This Friday-Sunday I felt super stressed. I’m talking teeth chattering, stomach churning, throwing shade to complete strangers – stressed. I was anxious, super irritable, and may or may not have fallen into the bad habit of self-medicating with a very large bag of kale chips. For the ladies who are reading, it legit felt like PMS to the full max. But it wasn’t.
You might be asking why. And when I finally got the chance to sit down and reflect on my week, I asked myself the same question. Life is very good for me at the moment, so what was going on?
I started to go through my week. And while there were a few minor sticky situations at work and home, they weren’t of the sort that should cause me to feel like a dragon-lady ready to bite off the heads of every commuter on the PATH train. And then I realized…I forgot to meditate.
The benefits of meditation are numerous. When done on a daily basis, many have found that it can help with high blood pressure, depression, stress, serotonin levels, hyperactivity, and focus. Personally, I’ve found that meditation helps me cope with high-stress situations and helps me to curb my symptoms of ADD. And when I don’t meditate, well, I turn into an angry dragon. :-P. I encourage everyone to try meditating for a month. I’m sure that you too will notice a difference. Here are two of my favorite exercises.I’m still a beginner, so if I can do these, so can you!

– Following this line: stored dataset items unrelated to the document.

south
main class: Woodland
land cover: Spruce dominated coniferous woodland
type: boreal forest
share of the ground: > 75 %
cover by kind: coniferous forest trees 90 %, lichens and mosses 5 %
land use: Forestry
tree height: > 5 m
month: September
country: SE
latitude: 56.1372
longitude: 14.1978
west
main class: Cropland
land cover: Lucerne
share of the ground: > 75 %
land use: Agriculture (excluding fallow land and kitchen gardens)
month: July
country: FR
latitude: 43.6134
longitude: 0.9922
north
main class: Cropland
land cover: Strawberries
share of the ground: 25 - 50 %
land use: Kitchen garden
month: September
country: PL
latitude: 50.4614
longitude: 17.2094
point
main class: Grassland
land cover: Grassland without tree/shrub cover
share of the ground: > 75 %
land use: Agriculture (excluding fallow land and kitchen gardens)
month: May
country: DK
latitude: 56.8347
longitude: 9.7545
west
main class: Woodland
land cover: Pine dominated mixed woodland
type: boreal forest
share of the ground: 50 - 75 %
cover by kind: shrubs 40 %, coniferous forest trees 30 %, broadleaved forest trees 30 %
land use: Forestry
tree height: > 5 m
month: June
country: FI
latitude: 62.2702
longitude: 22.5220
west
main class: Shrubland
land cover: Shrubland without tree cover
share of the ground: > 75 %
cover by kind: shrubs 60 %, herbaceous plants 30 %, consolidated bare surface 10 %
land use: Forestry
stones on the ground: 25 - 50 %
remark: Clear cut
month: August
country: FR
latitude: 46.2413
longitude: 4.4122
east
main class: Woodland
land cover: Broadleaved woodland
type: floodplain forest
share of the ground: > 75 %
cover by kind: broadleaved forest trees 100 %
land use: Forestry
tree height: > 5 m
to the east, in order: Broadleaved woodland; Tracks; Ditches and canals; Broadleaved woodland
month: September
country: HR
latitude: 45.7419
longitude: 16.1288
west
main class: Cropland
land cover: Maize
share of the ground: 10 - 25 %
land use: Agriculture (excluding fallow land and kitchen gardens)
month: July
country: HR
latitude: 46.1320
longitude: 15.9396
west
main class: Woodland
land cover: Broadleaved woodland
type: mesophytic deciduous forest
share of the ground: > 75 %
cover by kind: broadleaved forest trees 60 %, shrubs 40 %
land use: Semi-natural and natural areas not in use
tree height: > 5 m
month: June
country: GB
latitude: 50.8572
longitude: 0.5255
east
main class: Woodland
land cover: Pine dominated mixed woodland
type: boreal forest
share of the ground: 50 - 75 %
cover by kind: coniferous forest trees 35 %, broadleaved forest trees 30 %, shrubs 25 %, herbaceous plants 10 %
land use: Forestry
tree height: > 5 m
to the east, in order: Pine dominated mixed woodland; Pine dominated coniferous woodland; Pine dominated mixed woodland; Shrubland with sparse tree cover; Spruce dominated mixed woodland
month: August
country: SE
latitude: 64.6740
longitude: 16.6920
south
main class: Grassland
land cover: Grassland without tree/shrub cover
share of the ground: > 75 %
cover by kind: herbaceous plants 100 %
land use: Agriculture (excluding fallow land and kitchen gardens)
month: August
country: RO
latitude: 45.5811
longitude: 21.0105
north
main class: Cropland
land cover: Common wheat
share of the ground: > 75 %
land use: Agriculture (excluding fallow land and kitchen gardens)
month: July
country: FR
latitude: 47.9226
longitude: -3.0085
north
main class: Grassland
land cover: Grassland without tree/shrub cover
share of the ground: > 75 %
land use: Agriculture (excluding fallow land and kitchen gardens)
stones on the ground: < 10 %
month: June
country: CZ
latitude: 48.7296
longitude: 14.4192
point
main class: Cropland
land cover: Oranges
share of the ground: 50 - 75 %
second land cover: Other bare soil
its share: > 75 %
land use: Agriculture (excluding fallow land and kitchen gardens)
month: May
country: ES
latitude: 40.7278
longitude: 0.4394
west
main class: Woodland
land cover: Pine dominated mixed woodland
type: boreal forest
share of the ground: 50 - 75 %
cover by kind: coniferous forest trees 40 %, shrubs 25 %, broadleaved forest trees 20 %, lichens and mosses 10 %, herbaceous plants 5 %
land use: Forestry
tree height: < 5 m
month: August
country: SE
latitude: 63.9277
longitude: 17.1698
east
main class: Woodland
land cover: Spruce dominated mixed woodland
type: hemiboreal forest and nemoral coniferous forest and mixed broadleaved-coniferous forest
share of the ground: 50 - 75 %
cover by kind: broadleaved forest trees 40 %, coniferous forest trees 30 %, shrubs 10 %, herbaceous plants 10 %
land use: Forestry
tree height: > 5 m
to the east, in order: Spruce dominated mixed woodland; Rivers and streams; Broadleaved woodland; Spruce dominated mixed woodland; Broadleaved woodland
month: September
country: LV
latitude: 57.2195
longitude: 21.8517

This is a form of mindfulness meditation (which I will describe more fully in another post) derived from the teachings of Dr. John Kabat-Zinn. During law school, I used this exercise before exams. Now, I use it when I feel scatterbrained or right before driving. It’s called the “5 senses drill.” Here’s an exert from the “mindfulness for students” website:
“1. Pause what you are doing for a moment and take one or two deep breaths to help bring you into the present moment.
2. Look around you, and silently name/focus on three things that you see in your immediate vicinity
3. Now, close your eyes, opening to the sounds around you, silently note and name three things that you can hear right now
4. Bringing your attention to your body, silently name three sensations that you can feel in this moment ( maybe warmth, tingling, contraction, coolness….. .)
5. Take one or two breaths to finish this mindfulness exercise.
Repeat this exercise every now and then to deliberately bring your awareness to what is happening in the present moment and to build your resilience to deal with exam anxiety and general pressures around this time of the academic year by cultivating mindfulness in this way.”
I find this yoga nidra to be extremely helpful for stress, lack of sleep, and particularly for – believe it or not – jet lag! After doing yoga nidra, I often find myself re-energized and ready to go about my day. It feels like I’ve slept for at least an extra 2 hours. It involves lying in shivasana (laying down, palms facing up, legs slightly apart) and concentrating on every inch of your body, from toes to eyelids. I specifically listen to an audio (free on spotify!) by Swami Janakananda. It’s also great if I’m exhausted and don’t have the mental energy to focus.
What types of meditation do you use?